##### Material provided

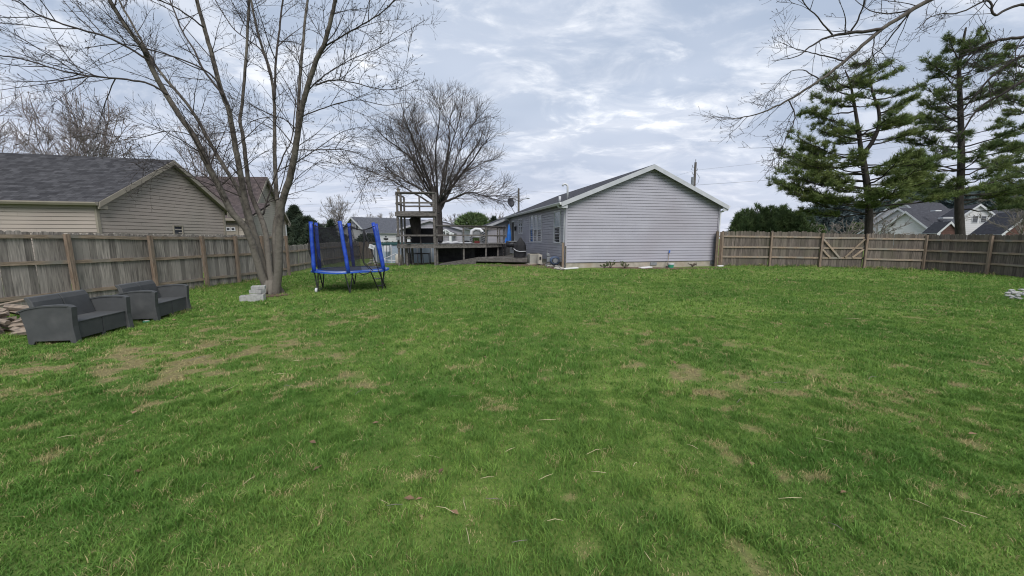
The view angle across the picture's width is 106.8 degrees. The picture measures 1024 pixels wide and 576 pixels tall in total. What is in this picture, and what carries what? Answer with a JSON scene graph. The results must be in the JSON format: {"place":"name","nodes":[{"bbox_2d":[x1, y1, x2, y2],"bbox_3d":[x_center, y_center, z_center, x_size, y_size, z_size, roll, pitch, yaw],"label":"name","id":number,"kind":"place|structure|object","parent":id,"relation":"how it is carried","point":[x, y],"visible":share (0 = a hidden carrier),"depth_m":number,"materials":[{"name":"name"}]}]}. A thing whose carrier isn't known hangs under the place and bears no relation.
{"place":"outdoors","nodes":[
{"label":"outdoors","id":0,"kind":"place"},
{"bbox_2d":[384,253,401,263],"bbox_3d":[-7.201,-1.764,22.865,1.152,0.646,0.390,0,7,0],"label":"filter tank","id":1,"kind":"object","parent":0,"point":[396,259],"visible":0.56,"depth_m":22.76,"materials":[{"name":"beige plastic"}]},
{"bbox_2d":[438,240,459,243],"bbox_3d":[-3.684,-2.673,22.044,1.273,0.283,0.301,0,7,0],"label":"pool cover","id":2,"kind":"object","parent":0,"point":[447,242],"visible":0.94,"depth_m":21.99,"materials":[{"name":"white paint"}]},
{"bbox_2d":[0,239,1023,575],"bbox_3d":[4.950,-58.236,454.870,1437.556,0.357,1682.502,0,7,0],"label":"ground","id":3,"kind":"structure","parent":0,"point":[760,567],"depth_m":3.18,"materials":[{"name":"green plant"}]},
{"bbox_2d":[3,304,28,310],"bbox_3d":[-9.415,0.386,7.311,0.501,0.188,0.134,-2,8,-14],"label":"firewood log","id":4,"kind":"object","parent":3,"relation":"on","point":[16,307],"visible":0.5,"depth_m":7.25,"materials":[{"name":"beige wood"}]},
{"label":"firewood log","id":5,"kind":"object","parent":4,"relation":"on","visible":0},
{"bbox_2d":[9,310,19,314],"bbox_3d":[-9.532,0.468,7.277,0.353,0.143,0.104,1,8,6],"label":"firewood log","id":6,"kind":"object","parent":5,"relation":"on","point":[13,312],"visible":0.35,"depth_m":7.26,"materials":[{"name":"beige wood"}]},
{"bbox_2d":[9,326,24,331],"bbox_3d":[-8.860,0.793,6.900,0.415,0.198,0.129,0,7,0],"label":"firewood log","id":7,"kind":"object","parent":3,"relation":"on","point":[14,328],"visible":0.37,"depth_m":6.87,"materials":[{"name":"beige wood"}]},
{"bbox_2d":[9,330,26,335],"bbox_3d":[-8.753,0.798,6.839,0.482,0.188,0.116,-1,8,-4],"label":"firewood log","id":8,"kind":"object","parent":3,"relation":"on","point":[18,331],"visible":0.34,"depth_m":6.80,"materials":[{"name":"beige wood"}]},
{"bbox_2d":[0,65,44,153],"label":"bare tree","id":9,"kind":"object","parent":3,"relation":"on","point":[4,133],"visible":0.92,"depth_m":34.78,"materials":[{"name":"plant"}]},
{"bbox_2d":[0,80,118,157],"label":"bare tree","id":10,"kind":"object","parent":3,"relation":"on","point":[34,116],"visible":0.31,"depth_m":44.80,"materials":[{"name":"plant"}]},
{"bbox_2d":[16,290,133,344],"bbox_3d":[-7.677,0.474,6.755,0.775,0.783,1.161,-1,8,-9],"label":"garden sofa","id":11,"kind":"object","parent":3,"relation":"on","point":[75,316],"visible":0.93,"depth_m":6.45,"materials":[{"name":"wicker"}]},
{"bbox_2d":[32,91,149,157],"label":"bare tree","id":12,"kind":"object","parent":3,"relation":"on","point":[83,140],"visible":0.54,"depth_m":42.99,"materials":[{"name":"plant"}]},
{"bbox_2d":[0,152,230,283],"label":"tan house","id":13,"kind":"structure","parent":3,"relation":"on","point":[39,193],"depth_m":15.62,"materials":[{"name":"plastic"}]},
{"bbox_2d":[172,225,183,234],"bbox_3d":[-15.683,-2.708,17.854,0.098,0.487,0.503,1,8,7],"label":"window","id":14,"kind":"structure","parent":13,"relation":"in","point":[176,232],"depth_m":17.84,"materials":[{"name":"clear glass"}]},
{"bbox_2d":[0,230,290,307],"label":"wooden fence","id":15,"kind":"object","parent":3,"relation":"on","point":[94,265],"visible":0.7,"depth_m":10.83,"materials":[{"name":"brown wood"}]},
{"bbox_2d":[115,280,190,320],"bbox_3d":[-7.943,0.251,8.427,0.775,0.783,1.215,-2,8,-13],"label":"garden sofa","id":16,"kind":"object","parent":3,"relation":"on","point":[149,299],"visible":0.86,"depth_m":8.20,"materials":[{"name":"wicker"}]},
{"bbox_2d":[169,118,235,176],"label":"bare tree","id":17,"kind":"object","parent":3,"relation":"on","point":[198,163],"visible":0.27,"depth_m":57.29,"materials":[{"name":"plant"}]},
{"bbox_2d":[0,0,440,294],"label":"maple tree","id":18,"kind":"object","parent":3,"relation":"on","point":[269,268],"visible":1,"depth_m":10.61,"materials":[{"name":"brown plant"}]},
{"bbox_2d":[194,176,290,245],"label":"tan house","id":19,"kind":"structure","parent":3,"relation":"on","point":[233,227],"depth_m":26.50,"materials":[{"name":"beige plastic"}]},
{"bbox_2d":[226,225,238,234],"bbox_3d":[-17.307,-2.703,23.566,0.811,2.411,0.095,0,7,0],"label":"garage door","id":20,"kind":"structure","parent":19,"relation":"in","point":[231,229],"depth_m":23.43,"materials":[{"name":"white paint"}]},
{"bbox_2d":[239,295,247,301],"bbox_3d":[-7.467,0.282,10.628,0.220,0.150,0.260,-3,8,-25],"label":"cinder block","id":21,"kind":"object","parent":3,"relation":"on","point":[243,297],"depth_m":10.51,"materials":[{"name":"grey concrete"}]},
{"bbox_2d":[247,294,265,301],"bbox_3d":[-7.100,0.268,10.575,0.380,0.190,0.190,-2,8,-15],"label":"cinder block","id":22,"kind":"object","parent":3,"relation":"on","point":[254,297],"depth_m":10.50,"materials":[{"name":"grey concrete"}]},
{"bbox_2d":[249,289,265,293],"bbox_3d":[-7.168,0.095,10.704,0.360,0.100,0.200,1,8,6],"label":"cinder block","id":23,"kind":"object","parent":22,"relation":"on","point":[257,291],"depth_m":10.61,"materials":[{"name":"grey concrete"}]},
{"bbox_2d":[251,285,265,289],"bbox_3d":[-7.162,-0.015,10.736,0.330,0.090,0.190,-3,13,-22],"label":"cinder block","id":24,"kind":"object","parent":23,"relation":"on","point":[257,287],"depth_m":10.67,"materials":[{"name":"grey concrete"}]},
{"bbox_2d":[266,293,292,296],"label":"bare soil","id":25,"kind":"structure","parent":3,"relation":"on","point":[273,295],"depth_m":11.49,"materials":[{"name":"brown soil"}]},
{"bbox_2d":[286,225,297,246],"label":"evergreen tree","id":26,"kind":"object","parent":3,"relation":"on","point":[288,232],"visible":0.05,"depth_m":48.89,"materials":[{"name":"green plant"}]},
{"bbox_2d":[286,204,303,245],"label":"spruce tree","id":27,"kind":"object","parent":3,"relation":"on","point":[293,211],"visible":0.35,"depth_m":50.58,"materials":[{"name":"green plant"}]},
{"bbox_2d":[285,243,311,271],"bbox_3d":[-11.462,-2.152,23.871,0.150,1.471,12.125,-1,8,-4],"label":"wooden fence","id":28,"kind":"object","parent":3,"relation":"on","point":[300,253],"visible":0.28,"depth_m":20.04,"materials":[{"name":"brown wood"}]},
{"bbox_2d":[287,214,317,245],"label":"evergreen tree","id":29,"kind":"object","parent":3,"relation":"on","point":[298,223],"visible":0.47,"depth_m":48.19,"materials":[{"name":"green plant"}]},
{"bbox_2d":[299,221,325,244],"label":"evergreen tree","id":30,"kind":"object","parent":3,"relation":"on","point":[303,239],"visible":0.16,"depth_m":46.62,"materials":[{"name":"green plant"}]},
{"bbox_2d":[326,219,334,227],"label":"evergreen tree","id":31,"kind":"object","parent":3,"relation":"on","point":[330,222],"visible":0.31,"depth_m":60.84,"materials":[{"name":"green plant"}]},
{"bbox_2d":[317,194,356,224],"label":"bare tree","id":32,"kind":"object","parent":3,"relation":"on","point":[339,213],"visible":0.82,"depth_m":72.96,"materials":[{"name":"grey plant"}]},
{"bbox_2d":[308,221,388,292],"bbox_3d":[-5.446,-1.086,12.826,2.711,2.269,2.544,0,7,0],"label":"trampoline","id":33,"kind":"object","parent":3,"relation":"on","point":[339,248],"visible":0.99,"depth_m":11.92,"materials":[{"name":"blue plastic"}]},
{"bbox_2d":[370,270,386,289],"bbox_3d":[-4.266,-0.243,12.170,0.279,0.763,1.161,-1,8,-8],"label":"ladder","id":34,"kind":"object","parent":33,"relation":"attached to","point":[378,278],"visible":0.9,"depth_m":12.03,"materials":[{"name":"black metal"}]},
{"bbox_2d":[344,217,424,241],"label":"house","id":35,"kind":"structure","parent":3,"relation":"on","point":[387,227],"depth_m":60.72,"materials":[{"name":"white"}]},
{"bbox_2d":[380,234,387,241],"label":"garage door","id":36,"kind":"structure","parent":35,"relation":"in","point":[382,236],"depth_m":59.66,"materials":[{"name":"white paint"}]},
{"bbox_2d":[375,212,399,217],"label":"bare tree","id":37,"kind":"object","parent":3,"relation":"on","point":[381,214],"visible":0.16,"depth_m":108.16,"materials":[{"name":"grey plant"}]},
{"bbox_2d":[385,263,439,264],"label":"bare soil","id":38,"kind":"structure","parent":3,"relation":"on","point":[411,264],"depth_m":22.58,"materials":[{"name":"brown soil"}]},
{"bbox_2d":[408,253,430,264],"bbox_3d":[-5.275,-1.658,21.770,1.345,0.694,1.043,0,7,0],"label":"metal rack","id":39,"kind":"object","parent":3,"relation":"on","point":[417,257],"visible":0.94,"depth_m":21.27,"materials":[{"name":"black metal"}]},
{"bbox_2d":[381,242,469,262],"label":"above ground pool","id":40,"kind":"structure","parent":3,"relation":"on","point":[392,248],"depth_m":23.84,"materials":[{"name":"white paint"}]},
{"bbox_2d":[396,219,470,241],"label":"house","id":41,"kind":"structure","parent":3,"relation":"on","point":[428,223],"depth_m":51.48,"materials":[{"name":"grey plastic"}]},
{"bbox_2d":[342,77,526,239],"bbox_3d":[-5.568,-8.728,28.848,11.430,13.310,12.171,6,10,41],"label":"shade tree","id":42,"kind":"object","parent":3,"relation":"on","point":[449,178],"visible":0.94,"depth_m":28.13,"materials":[{"name":"brown plant"}]},
{"bbox_2d":[442,214,459,223],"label":"bare tree","id":43,"kind":"object","parent":3,"relation":"on","point":[454,219],"visible":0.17,"depth_m":78.29,"materials":[{"name":"grey plant"}]},
{"bbox_2d":[395,192,509,265],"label":"wooden deck","id":44,"kind":"structure","parent":3,"relation":"on","point":[427,237],"depth_m":22.05,"materials":[{"name":"grey wood"}]},
{"bbox_2d":[409,217,420,234],"bbox_3d":[-5.572,-3.555,21.823,0.656,1.162,0.583,0,7,0],"label":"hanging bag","id":45,"kind":"object","parent":44,"relation":"hanging from","point":[415,224],"visible":0.93,"depth_m":21.60,"materials":[{"name":"black fabric"}]},
{"bbox_2d":[469,228,484,242],"bbox_3d":[-2.035,-3.133,22.669,1.028,0.938,0.289,0,7,0],"label":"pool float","id":46,"kind":"object","parent":44,"relation":"on","point":[475,231],"visible":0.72,"depth_m":22.61,"materials":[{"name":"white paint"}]},
{"bbox_2d":[505,225,511,253],"bbox_3d":[-0.269,-3.518,27.274,0.583,2.120,0.468,0,7,0],"label":"patio umbrella","id":47,"kind":"object","parent":44,"relation":"on","point":[508,238],"visible":0.56,"depth_m":27.13,"materials":[{"name":"blue fabric"}]},
{"bbox_2d":[453,210,490,242],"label":"tree","id":48,"kind":"object","parent":3,"relation":"on","point":[474,218],"visible":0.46,"depth_m":67.07,"materials":[{"name":"green plant"}]},
{"bbox_2d":[439,255,526,264],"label":"platform","id":49,"kind":"structure","parent":3,"relation":"on","point":[491,258],"depth_m":21.68,"materials":[{"name":"grey wood"}]},
{"bbox_2d":[506,241,516,246],"bbox_3d":[-0.037,-2.431,23.477,0.650,0.955,0.387,0,7,0],"label":"smoker grill","id":50,"kind":"object","parent":49,"relation":"on","point":[510,243],"visible":0.6,"depth_m":23.28,"materials":[{"name":"black metal"}]},
{"bbox_2d":[514,238,525,256],"bbox_3d":[0.460,-2.358,22.138,0.753,1.120,0.708,0,7,0],"label":"covered grill","id":51,"kind":"object","parent":49,"relation":"on","point":[519,247],"visible":1,"depth_m":21.94,"materials":[{"name":"black fabric"}]},
{"bbox_2d":[489,215,497,221],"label":"evergreen tree","id":52,"kind":"object","parent":3,"relation":"on","point":[493,218],"visible":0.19,"depth_m":78.40,"materials":[{"name":"green plant"}]},
{"bbox_2d":[10,267,998,513],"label":"fallen leaves","id":53,"kind":"object","parent":3,"relation":"on","point":[456,511],"visible":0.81,"depth_m":3.36,"materials":[{"name":"brown plant"}]},
{"bbox_2d":[471,264,544,265],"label":"bare soil","id":54,"kind":"structure","parent":3,"relation":"on","point":[508,265],"depth_m":20.60,"materials":[{"name":"brown soil"}]},
{"bbox_2d":[537,254,541,263],"bbox_3d":[1.494,-1.558,20.556,0.200,0.500,0.332,-2,8,-12],"label":"utility box","id":55,"kind":"object","parent":54,"relation":"on","point":[539,258],"visible":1,"depth_m":20.44,"materials":[{"name":"beige plastic"}]},
{"bbox_2d":[518,188,529,211],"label":"utility pole","id":56,"kind":"object","parent":3,"relation":"on","point":[519,199],"visible":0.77,"depth_m":56.68,"materials":[{"name":"brown wood"}]},
{"bbox_2d":[525,253,537,264],"bbox_3d":[1.200,-1.616,21.170,0.800,0.632,0.800,-2,8,-12],"label":"air conditioner","id":57,"kind":"object","parent":3,"relation":"on","point":[531,258],"visible":0.77,"depth_m":20.90,"materials":[{"name":"beige plastic"}]},
{"bbox_2d":[562,243,565,267],"bbox_3d":[2.503,-1.505,18.318,0.205,1.361,0.115,0,7,0],"label":"wooden post","id":58,"kind":"object","parent":3,"relation":"on","point":[563,255],"visible":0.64,"depth_m":18.26,"materials":[{"name":"brown wood"}]},
{"bbox_2d":[469,164,730,267],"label":"ranch house","id":59,"kind":"structure","parent":3,"relation":"on","point":[652,215],"depth_m":19.20,"materials":[{"name":"grey plastic"}]},
{"bbox_2d":[507,198,515,213],"bbox_3d":[0.001,-5.821,26.997,0.642,1.185,0.643,0,7,0],"label":"satellite dish","id":60,"kind":"object","parent":59,"relation":"attached to","point":[511,202],"visible":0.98,"depth_m":27.11,"materials":[{"name":"grey metal"}]},
{"bbox_2d":[511,221,514,249],"bbox_3d":[0.088,-4.083,29.517,0.070,2.195,1.140,-2,8,-12],"label":"door","id":61,"kind":"structure","parent":59,"relation":"in","point":[512,222],"depth_m":29.51,"materials":[{"name":"black metal"}]},
{"bbox_2d":[520,219,522,233],"bbox_3d":[0.675,-4.338,26.809,0.142,1.025,0.555,-1,8,-5],"label":"window","id":62,"kind":"structure","parent":59,"relation":"in","point":[521,220],"depth_m":26.81,"materials":[{"name":"grey glass"}]},
{"bbox_2d":[529,215,533,242],"bbox_3d":[1.261,-3.753,24.201,0.207,1.703,0.848,0,8,-3],"label":"window","id":63,"kind":"structure","parent":59,"relation":"in","point":[531,227],"depth_m":24.26,"materials":[{"name":"grey glass"}]},
{"bbox_2d":[533,215,537,242],"bbox_3d":[1.449,-3.622,23.355,0.195,1.646,0.790,0,8,-4],"label":"window","id":64,"kind":"structure","parent":59,"relation":"in","point":[534,220],"depth_m":23.51,"materials":[{"name":"grey glass"}]},
{"bbox_2d":[537,215,541,242],"bbox_3d":[1.635,-3.492,22.517,0.205,1.589,0.839,0,8,-3],"label":"window","id":65,"kind":"structure","parent":59,"relation":"in","point":[538,238],"depth_m":22.53,"materials":[{"name":"grey glass"}]},
{"bbox_2d":[553,210,560,242],"bbox_3d":[2.319,-3.118,19.431,0.235,1.639,0.974,0,8,-3],"label":"window","id":66,"kind":"structure","parent":59,"relation":"in","point":[556,223],"depth_m":19.40,"materials":[{"name":"grey glass"}]},
{"bbox_2d":[605,267,734,268],"bbox_3d":[6.715,-1.006,19.027,9.429,0.104,0.956,0,7,0],"label":"garden bed","id":67,"kind":"object","parent":3,"relation":"on","point":[656,268],"visible":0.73,"depth_m":18.96,"materials":[{"name":"soil"}]},
{"bbox_2d":[691,160,699,185],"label":"utility pole","id":68,"kind":"object","parent":3,"relation":"on","point":[693,181],"visible":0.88,"depth_m":44.53,"materials":[{"name":"brown wood"}]},
{"bbox_2d":[714,230,721,266],"bbox_3d":[10.858,-2.059,20.018,0.577,1.953,0.170,-7,10,-44],"label":"fence post","id":69,"kind":"object","parent":3,"relation":"on","point":[717,256],"visible":0.92,"depth_m":19.91,"materials":[{"name":"brown wood"}]},
{"bbox_2d":[726,208,761,245],"bbox_3d":[19.454,-4.551,31.721,3.784,4.481,3.817,0,7,0],"label":"juniper shrub","id":70,"kind":"object","parent":3,"relation":"on","point":[743,220],"visible":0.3,"depth_m":31.08,"materials":[{"name":"green plant"}]},
{"bbox_2d":[748,202,771,255],"bbox_3d":[20.570,-4.874,31.982,4.243,4.935,4.144,0,7,0],"label":"juniper shrub","id":71,"kind":"object","parent":3,"relation":"on","point":[759,217],"visible":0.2,"depth_m":31.10,"materials":[{"name":"green plant"}]},
{"bbox_2d":[759,203,791,252],"bbox_3d":[21.647,-4.670,31.618,3.988,4.717,3.955,0,7,0],"label":"juniper shrub","id":72,"kind":"object","parent":3,"relation":"on","point":[775,222],"visible":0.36,"depth_m":30.89,"materials":[{"name":"green plant"}]},
{"bbox_2d":[770,202,796,231],"bbox_3d":[22.726,-4.802,32.033,3.467,4.749,3.404,0,7,0],"label":"juniper shrub","id":73,"kind":"object","parent":3,"relation":"on","point":[786,211],"visible":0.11,"depth_m":31.09,"materials":[{"name":"green plant"}]},
{"bbox_2d":[782,209,818,232],"bbox_3d":[23.720,-4.456,31.677,4.158,4.230,4.243,0,7,0],"label":"juniper shrub","id":74,"kind":"object","parent":3,"relation":"on","point":[802,223],"visible":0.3,"depth_m":30.74,"materials":[{"name":"green plant"}]},
{"bbox_2d":[813,223,829,240],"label":"young tree","id":75,"kind":"object","parent":3,"relation":"on","point":[822,227],"visible":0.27,"depth_m":58.84,"materials":[{"name":"green plant"}]},
{"bbox_2d":[824,222,846,233],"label":"bare shrub","id":76,"kind":"object","parent":3,"relation":"on","point":[832,230],"visible":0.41,"depth_m":55.04,"materials":[{"name":"plant"}]},
{"bbox_2d":[834,219,861,233],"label":"bare shrub","id":77,"kind":"object","parent":3,"relation":"on","point":[847,228],"visible":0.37,"depth_m":57.40,"materials":[{"name":"brown plant"}]},
{"bbox_2d":[847,222,864,233],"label":"young tree","id":78,"kind":"object","parent":3,"relation":"on","point":[858,225],"visible":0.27,"depth_m":59.09,"materials":[{"name":"green plant"}]},
{"bbox_2d":[692,0,1023,181],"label":"overhanging tree","id":79,"kind":"object","parent":3,"relation":"on","point":[906,14],"visible":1,"depth_m":8.11,"materials":[{"name":"brown plant"}]},
{"bbox_2d":[720,231,1023,276],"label":"wooden fence","id":80,"kind":"object","parent":3,"relation":"on","point":[1001,255],"visible":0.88,"depth_m":19.89,"materials":[{"name":"brown wood"}]},
{"bbox_2d":[850,211,913,234],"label":"ornamental tree","id":81,"kind":"object","parent":3,"relation":"on","point":[883,224],"visible":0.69,"depth_m":45.13,"materials":[{"name":"brown plant"}]},
{"bbox_2d":[765,56,999,246],"bbox_3d":[22.853,-8.300,24.599,12.502,13.408,9.000,0,7,0],"label":"pine tree","id":82,"kind":"object","parent":3,"relation":"on","point":[823,175],"visible":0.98,"depth_m":24.31,"materials":[{"name":"green plant"}]},
{"bbox_2d":[797,180,1023,239],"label":"distant wood","id":83,"kind":"object","parent":3,"relation":"on","point":[828,220],"visible":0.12,"depth_m":83.59,"materials":[{"name":"green plant"}]},
{"bbox_2d":[857,199,1023,250],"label":"white house","id":84,"kind":"structure","parent":3,"relation":"on","point":[927,218],"depth_m":48.64,"materials":[{"name":"grey"}]},
{"bbox_2d":[971,215,978,222],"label":"window","id":85,"kind":"structure","parent":84,"relation":"in","point":[975,220],"depth_m":46.88,"materials":[{"name":"white paint"}]},
{"bbox_2d":[980,215,986,222],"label":"window","id":86,"kind":"structure","parent":84,"relation":"in","point":[984,216],"depth_m":46.54,"materials":[{"name":"white paint"}]},
{"bbox_2d":[892,24,1023,259],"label":"pine tree","id":87,"kind":"object","parent":3,"relation":"on","point":[1007,160],"visible":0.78,"depth_m":25.34,"materials":[{"name":"green plant"}]},
{"bbox_2d":[966,195,1023,234],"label":"ornamental tree","id":88,"kind":"object","parent":3,"relation":"on","point":[1019,224],"visible":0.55,"depth_m":35.82,"materials":[{"name":"plant"}]},
{"bbox_2d":[978,40,1023,209],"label":"pine tree","id":89,"kind":"object","parent":3,"relation":"on","point":[1004,111],"visible":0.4,"depth_m":27.31,"materials":[{"name":"green plant"}]},
{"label":"loose board","id":90,"kind":"object","parent":3,"relation":"on","visible":0},
{"bbox_2d":[0,299,24,306],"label":"loose board","id":91,"kind":"object","parent":90,"relation":"on","point":[14,302],"visible":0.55,"depth_m":8.16,"materials":[{"name":"beige wood"}]},
{"bbox_2d":[0,0,1023,238],"label":"sky","id":92,"kind":"structure","parent":0,"point":[589,92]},
{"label":"firewood log","id":93,"kind":"object","parent":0,"visible":0},
{"bbox_2d":[8,323,23,328],"bbox_3d":[-8.983,0.683,7.010,0.424,0.112,0.095,-2,8,-16],"label":"firewood log","id":94,"kind":"object","parent":93,"relation":"on","point":[10,326],"visible":0.35,"depth_m":6.95,"materials":[{"name":"beige wood"}]},
{"bbox_2d":[0,319,10,324],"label":"firewood log","id":95,"kind":"object","parent":94,"relation":"on","point":[5,322],"visible":1,"depth_m":6.88,"materials":[{"name":"beige wood"}]},
{"bbox_2d":[11,319,22,322],"bbox_3d":[-8.977,0.601,6.992,0.486,0.190,0.090,1,8,8],"label":"firewood log","id":96,"kind":"object","parent":94,"relation":"on","point":[18,321],"visible":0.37,"depth_m":6.98,"materials":[{"name":"beige wood"}]},
{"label":"firewood log","id":97,"kind":"object","parent":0,"visible":0},
{"bbox_2d":[6,316,16,321],"bbox_3d":[-9.367,0.591,7.072,0.384,0.156,0.098,2,8,13],"label":"firewood log","id":98,"kind":"object","parent":97,"relation":"on","point":[11,319],"visible":0.59,"depth_m":7.03,"materials":[{"name":"beige wood"}]},
{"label":"firewood log","id":99,"kind":"object","parent":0,"visible":0},
{"bbox_2d":[0,311,9,317],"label":"firewood log","id":100,"kind":"object","parent":99,"relation":"on","point":[4,314],"visible":1,"depth_m":7.02,"materials":[{"name":"beige wood"}]},
{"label":"garden bed","id":101,"kind":"structure","parent":0,"visible":0},
{"bbox_2d":[546,251,550,265],"bbox_3d":[1.888,-1.517,19.598,0.237,0.820,0.257,0,7,0],"label":"gas meter","id":102,"kind":"object","parent":101,"relation":"on","point":[548,255],"visible":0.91,"depth_m":19.48,"materials":[{"name":"grey metal"}]},
{"bbox_2d":[549,256,560,264],"bbox_3d":[2.203,-1.323,19.151,0.609,0.568,0.300,0,7,0],"label":"hose reel","id":103,"kind":"object","parent":101,"relation":"on","point":[555,261],"visible":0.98,"depth_m":19.04,"materials":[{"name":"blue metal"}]}
]}

##########

§ **What to work on**: The string "outdoors" appears on some lines of the data; count those lines and report only how many there are.

§ **Exercise answer**: 2